Where filters shine is precision and the ability to layer actions. Because you can combine Forward it to with Apply the label and Skip the Inbox in the same rule, you can route invoices to your accountant while filing your own copy under a Finance label and keeping it out of your main inbox — all from one filter. You can forward only the urgent mail from a client by adding a subject condition. You can forward mail sent to a plus-address (you+orders@gmail.com) to a shopping account using the To field. None of that is possible with blanket forwarding, which is all-or-nothing. The filter approach trades a little setup time for exactly the selectivity that blanket forwarding lacks.
A few reliable recipes get the most done. To forward everything from one person, open one of their emails, click the three-dot More menu, and choose Filter messages like these — Gmail pre-fills the sender, so you jump straight to ticking Forward it to. To forward a whole company's mail, use the From field with their domain (@acme.com) rather than one person's address, so everyone there is covered by a single rule. To forward by topic, put quoted exact phrases in Has the words so you do not catch loose mentions. Each of these is a small, single-purpose filter, which is exactly how forwarding filters should be built — narrow, readable, and easy to audit later.
How do you forward Gmail to multiple addresses?
Here is a hard limit of native forwarding that catches a lot of people off guard: Gmail's blanket forwarding allows exactly one destination address. You cannot select two addresses in the Forward a copy of incoming mail to dropdown — it takes one. If you genuinely need every incoming message mirrored to several places at once, the radio-button setting alone will not do it. But filters lift that ceiling, and that is the supported workaround for forwarding to multiple recipients.

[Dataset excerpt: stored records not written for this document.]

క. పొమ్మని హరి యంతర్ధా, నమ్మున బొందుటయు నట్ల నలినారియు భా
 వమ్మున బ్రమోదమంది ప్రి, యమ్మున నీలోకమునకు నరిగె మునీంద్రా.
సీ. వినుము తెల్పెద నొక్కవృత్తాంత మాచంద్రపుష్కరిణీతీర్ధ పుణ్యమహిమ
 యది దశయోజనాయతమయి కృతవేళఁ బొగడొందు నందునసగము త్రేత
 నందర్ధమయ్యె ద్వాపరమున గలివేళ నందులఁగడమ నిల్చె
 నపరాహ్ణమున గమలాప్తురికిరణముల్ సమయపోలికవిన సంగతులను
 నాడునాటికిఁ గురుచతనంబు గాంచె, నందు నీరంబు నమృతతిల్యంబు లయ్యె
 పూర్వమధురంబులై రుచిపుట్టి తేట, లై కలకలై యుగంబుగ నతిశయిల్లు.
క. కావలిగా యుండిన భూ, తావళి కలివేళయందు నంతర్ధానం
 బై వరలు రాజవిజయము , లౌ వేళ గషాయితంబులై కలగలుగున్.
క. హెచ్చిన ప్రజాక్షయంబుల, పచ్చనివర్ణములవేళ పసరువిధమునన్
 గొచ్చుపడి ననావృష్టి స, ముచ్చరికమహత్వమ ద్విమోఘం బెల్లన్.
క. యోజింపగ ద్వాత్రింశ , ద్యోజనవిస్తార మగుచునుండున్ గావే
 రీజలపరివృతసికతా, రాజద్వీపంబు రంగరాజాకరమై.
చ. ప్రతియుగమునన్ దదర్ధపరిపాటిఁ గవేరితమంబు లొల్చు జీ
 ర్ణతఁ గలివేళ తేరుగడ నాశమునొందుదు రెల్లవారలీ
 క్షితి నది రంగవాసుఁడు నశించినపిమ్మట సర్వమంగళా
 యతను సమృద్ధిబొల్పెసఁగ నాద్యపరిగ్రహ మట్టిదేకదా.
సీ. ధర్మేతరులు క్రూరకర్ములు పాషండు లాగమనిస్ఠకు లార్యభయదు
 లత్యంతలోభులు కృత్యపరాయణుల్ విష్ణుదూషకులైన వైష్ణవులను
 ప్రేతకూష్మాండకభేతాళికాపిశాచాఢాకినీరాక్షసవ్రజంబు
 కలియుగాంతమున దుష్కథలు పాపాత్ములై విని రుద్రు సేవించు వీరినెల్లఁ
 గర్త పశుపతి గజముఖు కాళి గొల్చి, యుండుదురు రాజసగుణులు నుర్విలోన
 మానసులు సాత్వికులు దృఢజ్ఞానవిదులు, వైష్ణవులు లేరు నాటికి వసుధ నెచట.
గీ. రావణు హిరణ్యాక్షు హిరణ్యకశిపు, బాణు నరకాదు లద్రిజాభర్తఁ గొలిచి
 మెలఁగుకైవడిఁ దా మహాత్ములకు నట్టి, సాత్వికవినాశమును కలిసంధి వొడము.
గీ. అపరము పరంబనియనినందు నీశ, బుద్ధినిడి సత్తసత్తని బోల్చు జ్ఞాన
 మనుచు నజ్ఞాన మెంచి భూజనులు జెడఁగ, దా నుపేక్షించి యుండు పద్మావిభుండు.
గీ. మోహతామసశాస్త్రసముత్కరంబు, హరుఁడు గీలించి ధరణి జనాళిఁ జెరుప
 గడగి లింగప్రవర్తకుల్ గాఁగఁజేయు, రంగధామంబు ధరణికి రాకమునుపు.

The technique is to create one filter per additional destination. Each forwarding filter is independent, and a single incoming message can match several filters at once, so it gets forwarded once for each matching filter. If you want all your mail to reach three addresses, you set up one of them as the native blanket-forward destination and build two filters — each with a catch-all condition and a Forward it to action pointing at one of the other two addresses. The result is the same message arriving at all three. Every one of those destination addresses must be added and verified first, exactly like the primary one; an unverified address cannot be chosen in a filter either.
The practical question is how to write a condition that catches everything, since a forwarding filter needs some criteria. A common approach is a condition that all your real mail satisfies but that is still technically a filter — for example, matching on your own address in the To field, or using a size condition like smaller than a very large number so effectively everything qualifies. Whatever you choose, preview it with the Search button first to confirm it catches the full sweep of mail you intend before you attach a forward to it, because here you are sending copies to multiple outside destinations and a mistake multiplies.
Be deliberate about whether you actually want true multi-destination forwarding, because it has real downsides. Every recipient gets a full copy of all your mail, which is a lot of duplicated noise and a privacy consideration if those addresses belong to other people. Reply chains fragment, since each destination is a separate inbox with no shared thread. And maintaining several catch-all forwarding filters is fiddly — change your mind about one address and you are editing or deleting individual filters. For most multi-person needs, a shared inbox, a distribution group, or a Workspace group alias is a cleaner answer than forwarding the same mail to three personal accounts. Use multi-address forwarding when you specifically need independent copies in independent inboxes, and reach for selective filters — forwarding only the relevant mail to each person — whenever you can, so each destination gets only what concerns them.
Forward less, not more
How do you stop or disable forwarding in Gmail?
Turning forwarding off is quick, but there are two different things you might want to switch off — blanket forwarding and filter forwarding — and they live in different places. Disabling one does not touch the other, which is why people sometimes turn off the obvious setting and are baffled that some mail is still being forwarded. Handle both and you have fully stopped forwarding.
- 1
Disable native blanket forwarding
Open Settings, then See all settings, then the Forwarding and POP/IMAP tab. In the Forwarding section, select the radio button labeled Disable forwarding, then scroll down and click Save Changes. This switches off the all-mail forward immediately.
- 2
Remove the forwarding address entirely (optional)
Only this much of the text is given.